In April 2014, the ALJ conducted a regular hearing. The ALJ ultimately concluded travel was an intrinsic part of Atkins' job and that Atkins "was injured as the result of traveling to Enid, Ok. to complete a work related errand." As such, it found Atkins' injuries arose out of and occurred in the course of his employment.

The Board reversed, disagreeing that travel was intrinsic to Atkins' work. Relying on a pair of Court of Appeals' opinions, the Board determined Atkins was a fixed-situs employee who was not at work at the time of his injuries. It concluded:

"Claimant was not at work in his employer's service at the time of his injury, nor did his injury arise out of the nature, conditions, obligations or incidents of his employment with respondent. Claimant's work day ended when he was delivered to the Baymont Inn. Claimant's time spent at the Ramada Inn bar had no connection to his employment. Respondent received no benefit from claimant spending time at a bar and walking back to his room at 2:25 in the morning. Claimant was not engaged in a custom of his employment or activity contemplated as work-related by respondent."

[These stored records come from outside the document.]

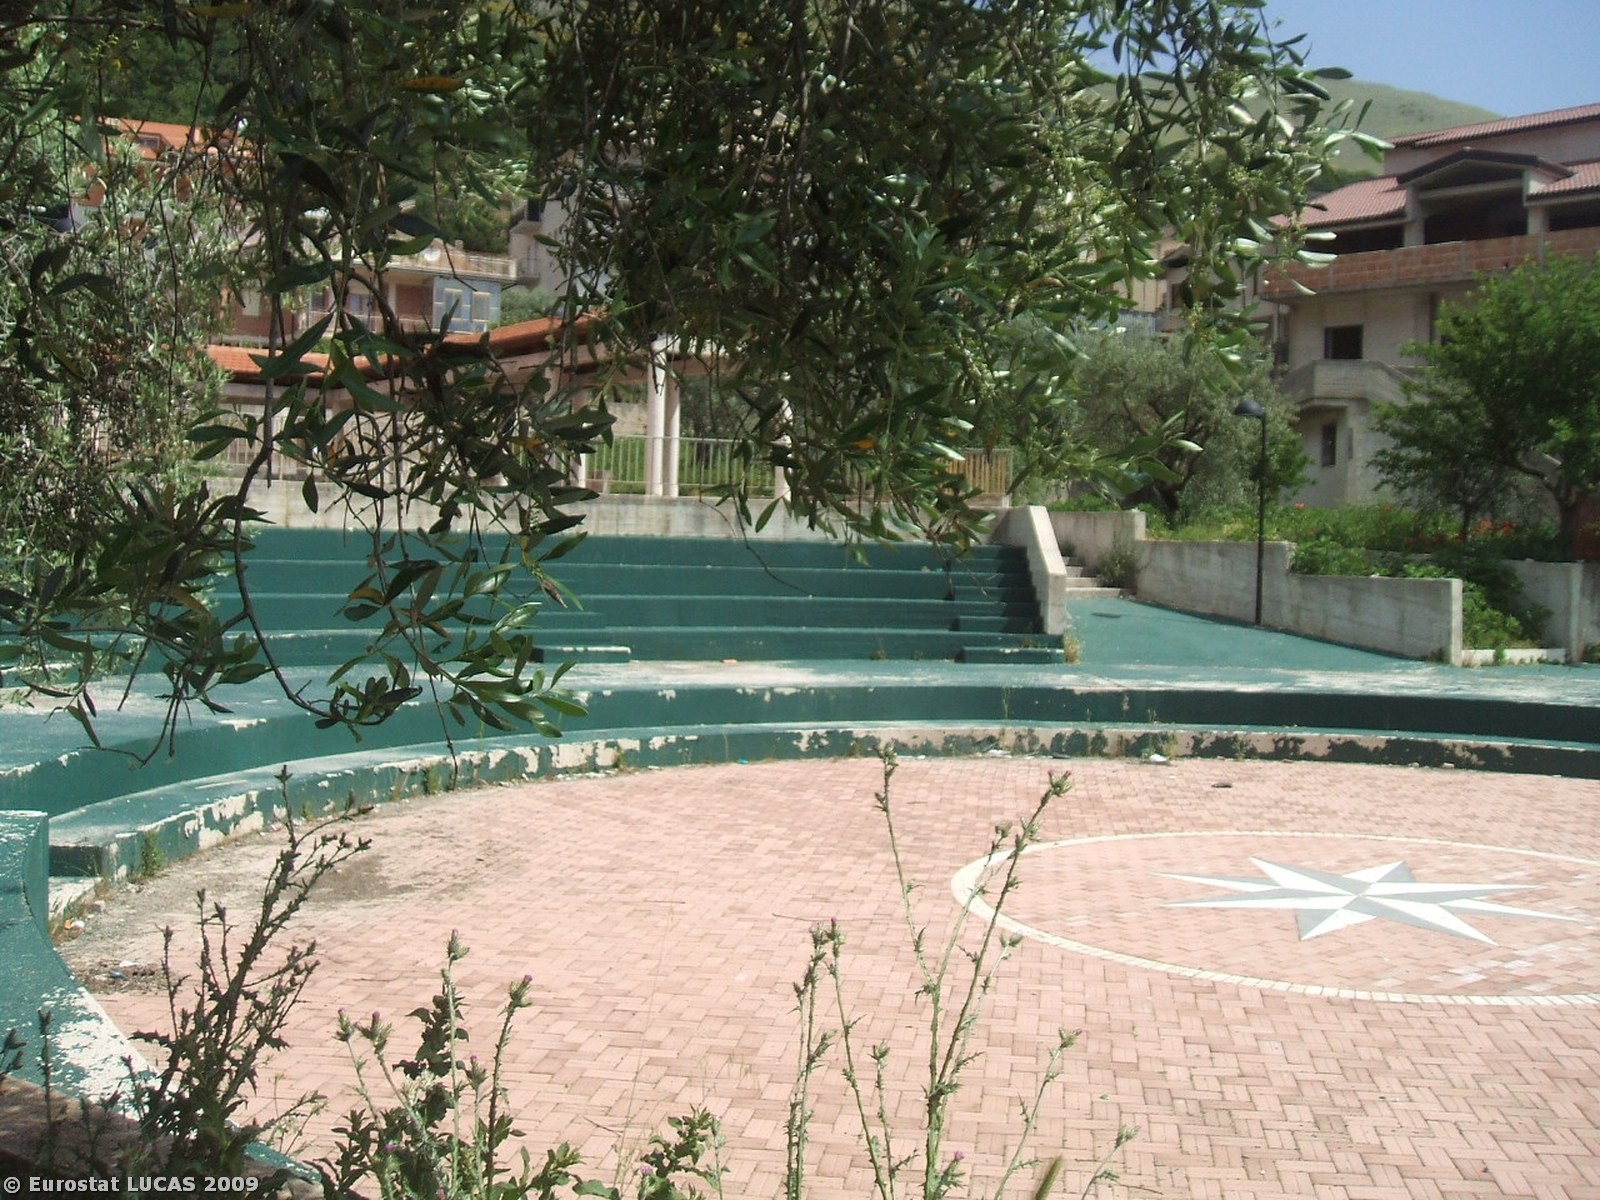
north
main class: Cropland
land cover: Olive groves
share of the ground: 25 - 50 %
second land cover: Spontaneously vegetated surfaces
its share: > 75 %
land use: Agriculture (excluding fallow land and kitchen gardens)
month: May
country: IT
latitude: 40.3462
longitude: 15.5453
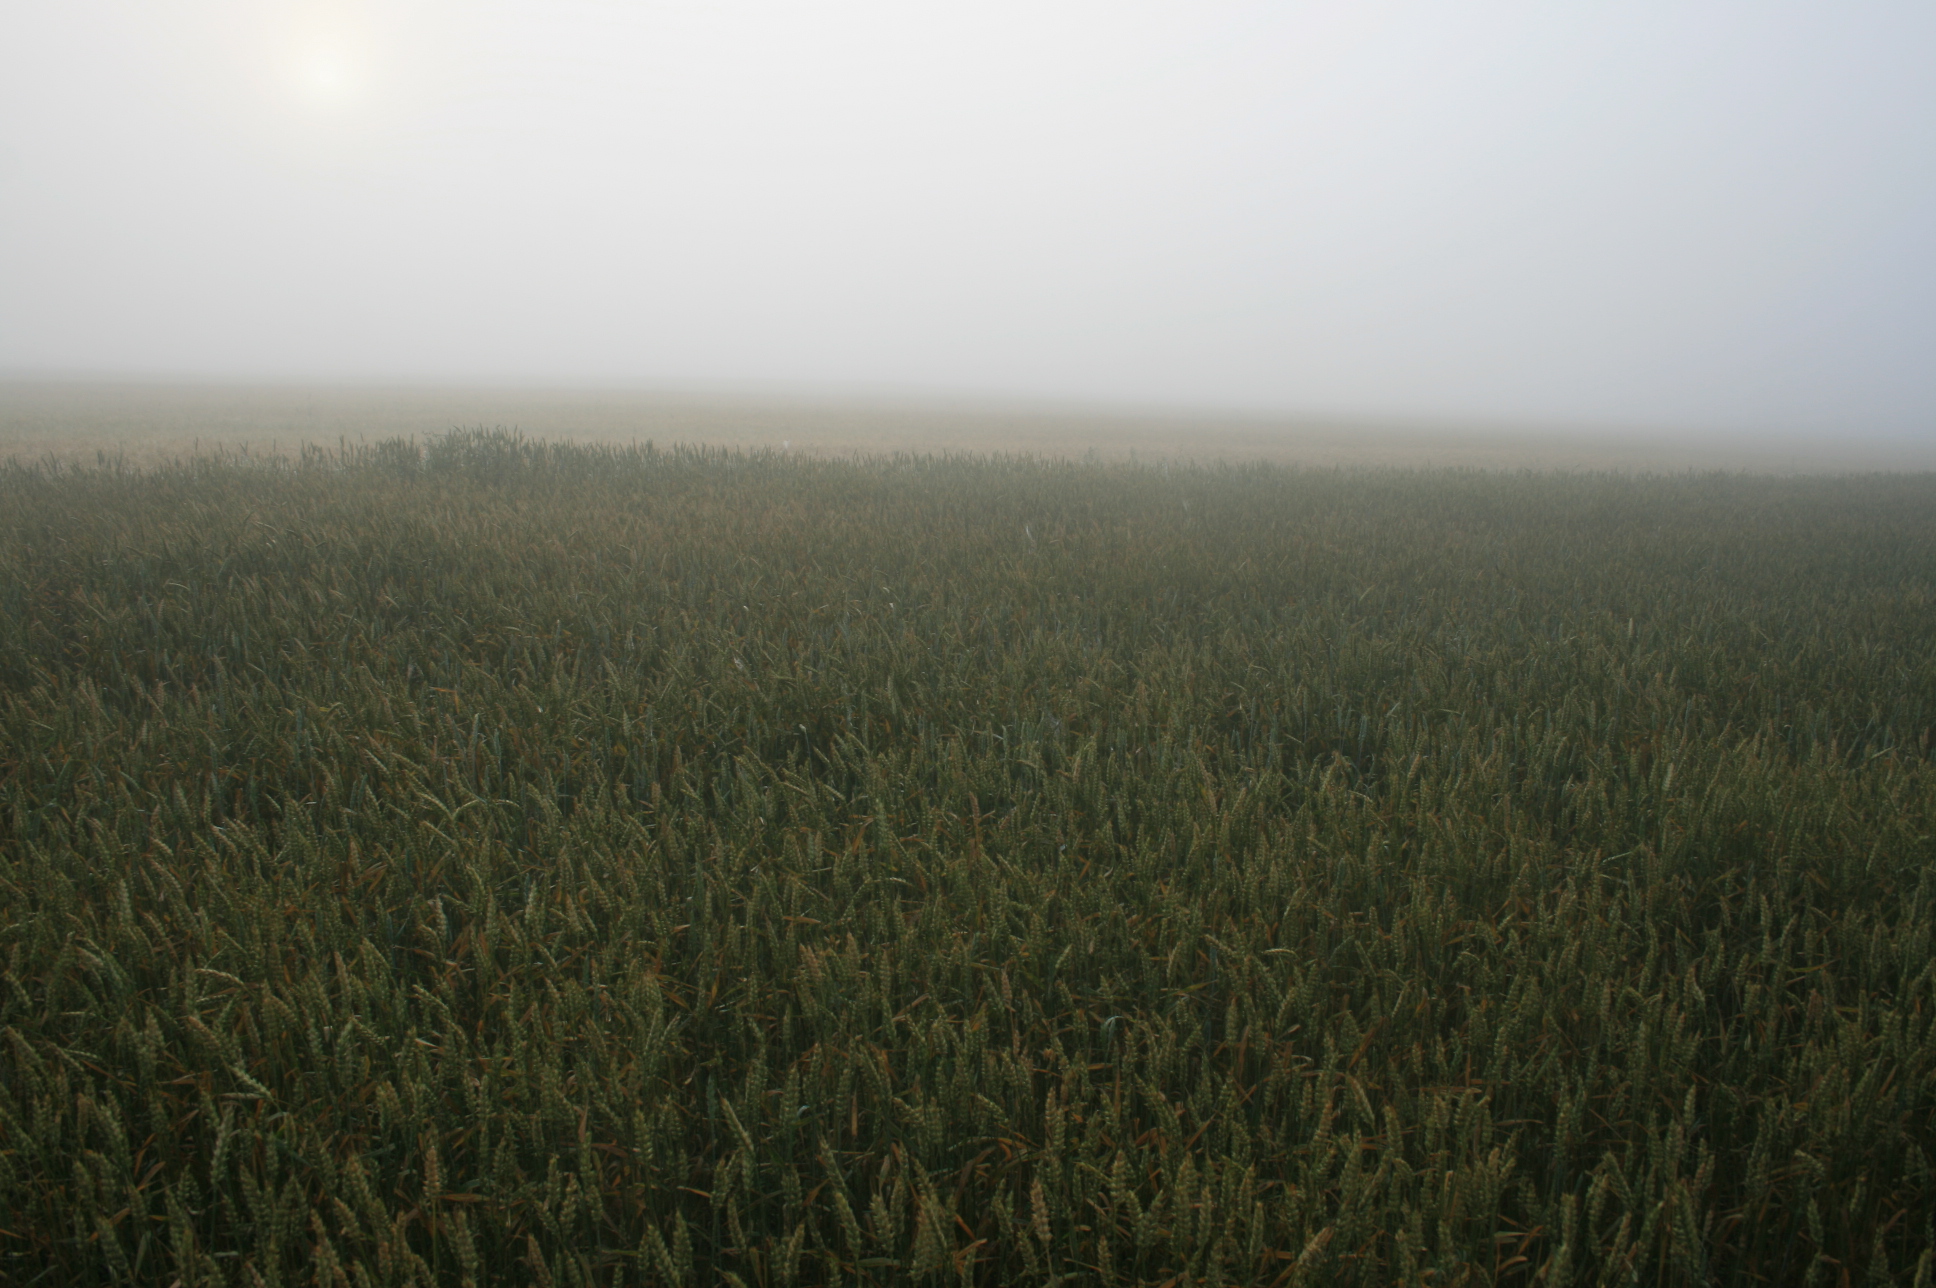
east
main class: Cropland
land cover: Common wheat
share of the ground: > 75 %
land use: Agriculture (excluding fallow land and kitchen gardens)
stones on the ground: < 10 %
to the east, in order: Common wheat; Spontaneously vegetated surfaces; Barley; Dry pulses; Common wheat
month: August
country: LT
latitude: 55.6674
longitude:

The Court of Appeals affirmed the Board's decision, and we granted Atkins' petition for review. Atkins v. Webcon , No. 113117, 2016 WL 299084 (Kan. App. 2016) (unpublished opinion).

ANALYSIS

The only contested issue is whether Atkins' injuries arose out of and in the course of his employment as defined by the Kansas Workers Compensation Act (KWCA), K.S.A. 44-501 et seq.

Standards of Review

Pursuant to the KWCA, the Kansas Judicial Review Act (KJRA), K.S.A. 77-601 et seq., governs our review. See K.S.A. 2008 Supp. 44-556(a) (expressly adopting the KJRA as the means by which courts review Board actions). The KWCA further provides that "[s]uch review shall be upon questions of law." K.S.A. 2008 Supp. 44-556(a). We have stated numerous times that "[t]he determination of whether the Board's findings of fact are supported by substantial competent evidence is such a question of law." Titterington v. Brooke Insurance , 277 Kan. 888, 894, 89 P.3d 643 (2004) ; see Scott v. Hughes , 294 Kan. 403, 415, 275 P.3d 890 (2012) ( Scott II ); Mudd v. Neosho Memorial Regional Med. Center , 275 Kan. 187, 191, 62 P.3d 236 (2003) ; Griffin v. Dale Willey Pontiac-Cadillac-GMC Truck, Inc. , 268 Kan. 33, 34, 991 P.2d 406 (1999).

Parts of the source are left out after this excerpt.